Copy the complete listing that follows, letter for letter.

#####

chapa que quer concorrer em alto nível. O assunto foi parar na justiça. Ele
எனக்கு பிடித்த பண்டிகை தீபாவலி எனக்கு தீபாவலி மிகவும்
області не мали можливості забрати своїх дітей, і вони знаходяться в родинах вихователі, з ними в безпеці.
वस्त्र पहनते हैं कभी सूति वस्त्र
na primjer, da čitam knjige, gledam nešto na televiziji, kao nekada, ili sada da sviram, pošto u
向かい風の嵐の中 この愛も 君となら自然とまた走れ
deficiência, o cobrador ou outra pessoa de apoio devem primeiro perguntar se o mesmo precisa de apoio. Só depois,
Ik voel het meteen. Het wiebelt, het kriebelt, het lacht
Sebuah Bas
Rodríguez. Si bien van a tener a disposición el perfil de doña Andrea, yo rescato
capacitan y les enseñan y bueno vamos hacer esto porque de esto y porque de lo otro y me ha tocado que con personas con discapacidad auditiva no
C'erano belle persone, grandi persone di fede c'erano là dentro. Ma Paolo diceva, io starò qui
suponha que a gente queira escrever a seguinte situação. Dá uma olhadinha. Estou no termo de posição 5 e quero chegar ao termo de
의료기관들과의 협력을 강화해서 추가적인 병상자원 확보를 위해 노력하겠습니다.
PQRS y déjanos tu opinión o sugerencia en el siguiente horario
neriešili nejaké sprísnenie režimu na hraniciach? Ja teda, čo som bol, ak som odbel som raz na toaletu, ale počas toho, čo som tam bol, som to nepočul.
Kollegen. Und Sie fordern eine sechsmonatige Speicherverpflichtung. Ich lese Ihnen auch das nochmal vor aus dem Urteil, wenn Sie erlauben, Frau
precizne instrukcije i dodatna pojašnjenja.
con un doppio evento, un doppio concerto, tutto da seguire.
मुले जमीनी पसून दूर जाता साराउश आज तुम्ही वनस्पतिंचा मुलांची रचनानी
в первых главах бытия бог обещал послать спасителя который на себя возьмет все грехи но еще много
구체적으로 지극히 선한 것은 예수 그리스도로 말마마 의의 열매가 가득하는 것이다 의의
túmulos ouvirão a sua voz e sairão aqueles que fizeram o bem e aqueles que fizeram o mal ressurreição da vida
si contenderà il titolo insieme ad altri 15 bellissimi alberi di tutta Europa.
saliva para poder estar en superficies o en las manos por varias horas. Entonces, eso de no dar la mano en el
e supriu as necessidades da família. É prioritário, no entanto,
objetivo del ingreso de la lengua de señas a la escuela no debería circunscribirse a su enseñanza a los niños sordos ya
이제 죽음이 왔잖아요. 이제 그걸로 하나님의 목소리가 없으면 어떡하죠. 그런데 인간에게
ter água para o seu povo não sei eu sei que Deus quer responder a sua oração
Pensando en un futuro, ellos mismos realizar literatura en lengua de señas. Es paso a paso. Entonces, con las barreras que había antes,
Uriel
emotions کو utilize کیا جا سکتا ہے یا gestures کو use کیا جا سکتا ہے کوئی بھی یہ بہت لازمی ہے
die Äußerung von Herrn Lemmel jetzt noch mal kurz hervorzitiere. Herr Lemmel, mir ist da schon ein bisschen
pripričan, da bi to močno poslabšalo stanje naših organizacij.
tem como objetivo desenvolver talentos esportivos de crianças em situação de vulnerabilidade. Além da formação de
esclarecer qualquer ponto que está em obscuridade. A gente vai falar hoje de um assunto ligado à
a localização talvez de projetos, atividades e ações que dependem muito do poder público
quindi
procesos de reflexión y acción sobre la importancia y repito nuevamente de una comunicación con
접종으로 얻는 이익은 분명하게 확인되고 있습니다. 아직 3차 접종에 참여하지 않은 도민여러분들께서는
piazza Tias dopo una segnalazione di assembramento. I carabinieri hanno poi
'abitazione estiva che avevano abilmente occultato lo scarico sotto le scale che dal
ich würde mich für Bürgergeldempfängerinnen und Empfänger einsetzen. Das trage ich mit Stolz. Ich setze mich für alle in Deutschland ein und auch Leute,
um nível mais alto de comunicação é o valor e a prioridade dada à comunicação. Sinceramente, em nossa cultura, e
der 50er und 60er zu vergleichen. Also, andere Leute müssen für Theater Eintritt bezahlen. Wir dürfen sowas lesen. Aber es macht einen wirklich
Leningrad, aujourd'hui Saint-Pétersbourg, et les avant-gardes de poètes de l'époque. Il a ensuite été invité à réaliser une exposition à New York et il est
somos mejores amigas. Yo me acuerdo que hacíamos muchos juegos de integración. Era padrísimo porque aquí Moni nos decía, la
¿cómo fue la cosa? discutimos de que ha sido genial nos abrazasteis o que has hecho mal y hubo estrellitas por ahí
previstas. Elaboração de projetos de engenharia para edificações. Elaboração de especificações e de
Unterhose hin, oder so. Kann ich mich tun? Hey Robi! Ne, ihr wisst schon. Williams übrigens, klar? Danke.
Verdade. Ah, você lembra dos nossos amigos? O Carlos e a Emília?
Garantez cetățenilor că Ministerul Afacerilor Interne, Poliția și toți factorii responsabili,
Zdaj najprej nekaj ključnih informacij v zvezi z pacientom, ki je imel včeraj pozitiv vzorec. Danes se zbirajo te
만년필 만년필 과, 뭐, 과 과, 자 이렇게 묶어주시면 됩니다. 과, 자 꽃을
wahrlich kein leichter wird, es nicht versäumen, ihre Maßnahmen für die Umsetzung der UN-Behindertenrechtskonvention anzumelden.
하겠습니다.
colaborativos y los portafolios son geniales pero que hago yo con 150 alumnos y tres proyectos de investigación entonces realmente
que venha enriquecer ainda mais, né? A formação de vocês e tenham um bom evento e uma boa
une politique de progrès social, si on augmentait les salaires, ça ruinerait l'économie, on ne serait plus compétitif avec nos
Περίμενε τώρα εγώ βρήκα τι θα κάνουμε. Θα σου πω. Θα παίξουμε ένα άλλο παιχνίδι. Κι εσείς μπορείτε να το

#####

EXERCISE OUTPUT:
chapa que quer concorrer em alto nível. O assunto foi parar na justiça. Ele
எனக்கு பிடித்த பண்டிகை தீபாவலி எனக்கு தீபாவலி மிகவும்
області не мали можливості забрати своїх дітей, і вони знаходяться в родинах вихователі, з ними в безпеці.
वस्त्र पहनते हैं कभी सूति वस्त्र
na primjer, da čitam knjige, gledam nešto na televiziji, kao nekada, ili sada da sviram, pošto u
向かい風の嵐の中 この愛も 君となら自然とまた走れ
deficiência, o cobrador ou outra pessoa de apoio devem primeiro perguntar se o mesmo precisa de apoio. Só depois,
Ik voel het meteen. Het wiebelt, het kriebelt, het lacht
Sebuah Bas
Rodríguez. Si bien van a tener a disposición el perfil de doña Andrea, yo rescato
capacitan y les enseñan y bueno vamos hacer esto porque de esto y porque de lo otro y me ha tocado que con personas con discapacidad auditiva no
C'erano belle persone, grandi persone di fede c'erano là dentro. Ma Paolo diceva, io starò qui
suponha que a gente queira escrever a seguinte situação. Dá uma olhadinha. Estou no termo de posição 5 e quero chegar ao termo de
의료기관들과의 협력을 강화해서 추가적인 병상자원 확보를 위해 노력하겠습니다.
PQRS y déjanos tu opinión o sugerencia en el siguiente horario
neriešili nejaké sprísnenie režimu na hraniciach? Ja teda, čo som bol, ak som odbel som raz na toaletu, ale počas toho, čo som tam bol, som to nepočul.
Kollegen. Und Sie fordern eine sechsmonatige Speicherverpflichtung. Ich lese Ihnen auch das nochmal vor aus dem Urteil, wenn Sie erlauben, Frau
precizne instrukcije i dodatna pojašnjenja.
con un doppio evento, un doppio concerto, tutto da seguire.
मुले जमीनी पसून दूर जाता साराउश आज तुम्ही वनस्पतिंचा मुलांची रचनानी
в первых главах бытия бог обещал послать спасителя который на себя возьмет все грехи но еще много
구체적으로 지극히 선한 것은 예수 그리스도로 말마마 의의 열매가 가득하는 것이다 의의
túmulos ouvirão a sua voz e sairão aqueles que fizeram o bem e aqueles que fizeram o mal ressurreição da vida
si contenderà il titolo insieme ad altri 15 bellissimi alberi di tutta Europa.
saliva para poder estar en superficies o en las manos por varias horas. Entonces, eso de no dar la mano en el
e supriu as necessidades da família. É prioritário, no entanto,
objetivo del ingreso de la lengua de señas a la escuela no debería circunscribirse a su enseñanza a los niños sordos ya
이제 죽음이 왔잖아요. 이제 그걸로 하나님의 목소리가 없으면 어떡하죠. 그런데 인간에게
ter água para o seu povo não sei eu sei que Deus quer responder a sua oração
Pensando en un futuro, ellos mismos realizar literatura en lengua de señas. Es paso a paso. Entonces, con las barreras que había antes,
Uriel
emotions کو utilize کیا جا سکتا ہے یا gestures کو use کیا جا سکتا ہے کوئی بھی یہ بہت لازمی ہے
die Äußerung von Herrn Lemmel jetzt noch mal kurz hervorzitiere. Herr Lemmel, mir ist da schon ein bisschen
pripričan, da bi to močno poslabšalo stanje naših organizacij.
tem como objetivo desenvolver talentos esportivos de crianças em situação de vulnerabilidade. Além da formação de
esclarecer qualquer ponto que está em obscuridade. A gente vai falar hoje de um assunto ligado à
a localização talvez de projetos, atividades e ações que dependem muito do poder público
quindi
procesos de reflexión y acción sobre la importancia y repito nuevamente de una comunicación con
접종으로 얻는 이익은 분명하게 확인되고 있습니다. 아직 3차 접종에 참여하지 않은 도민여러분들께서는
piazza Tias dopo una segnalazione di assembramento. I carabinieri hanno poi
'abitazione estiva che avevano abilmente occultato lo scarico sotto le scale che dal
ich würde mich für Bürgergeldempfängerinnen und Empfänger einsetzen. Das trage ich mit Stolz. Ich setze mich für alle in Deutschland ein und auch Leute,
um nível mais alto de comunicação é o valor e a prioridade dada à comunicação. Sinceramente, em nossa cultura, e
der 50er und 60er zu vergleichen. Also, andere Leute müssen für Theater Eintritt bezahlen. Wir dürfen sowas lesen. Aber es macht einen wirklich
Leningrad, aujourd'hui Saint-Pétersbourg, et les avant-gardes de poètes de l'époque. Il a ensuite été invité à réaliser une exposition à New York et il est
somos mejores amigas. Yo me acuerdo que hacíamos muchos juegos de integración. Era padrísimo porque aquí Moni nos decía, la
¿cómo fue la cosa? discutimos de que ha sido genial nos abrazasteis o que has hecho mal y hubo estrellitas por ahí
previstas. Elaboração de projetos de engenharia para edificações. Elaboração de especificações e de
Unterhose hin, oder so. Kann ich mich tun? Hey Robi! Ne, ihr wisst schon. Williams übrigens, klar? Danke.
Verdade. Ah, você lembra dos nossos amigos? O Carlos e a Emília?
Garantez cetățenilor că Ministerul Afacerilor Interne, Poliția și toți factorii responsabili,
Zdaj najprej nekaj ključnih informacij v zvezi z pacientom, ki je imel včeraj pozitiv vzorec. Danes se zbirajo te
만년필 만년필 과, 뭐, 과 과, 자 이렇게 묶어주시면 됩니다. 과, 자 꽃을
wahrlich kein leichter wird, es nicht versäumen, ihre Maßnahmen für die Umsetzung der UN-Behindertenrechtskonvention anzumelden.
하겠습니다.
colaborativos y los portafolios son geniales pero que hago yo con 150 alumnos y tres proyectos de investigación entonces realmente
que venha enriquecer ainda mais, né? A formação de vocês e tenham um bom evento e uma boa
une politique de progrès social, si on augmentait les salaires, ça ruinerait l'économie, on ne serait plus compétitif avec nos
Περίμενε τώρα εγώ βρήκα τι θα κάνουμε. Θα σου πω. Θα παίξουμε ένα άλλο παιχνίδι. Κι εσείς μπορείτε να το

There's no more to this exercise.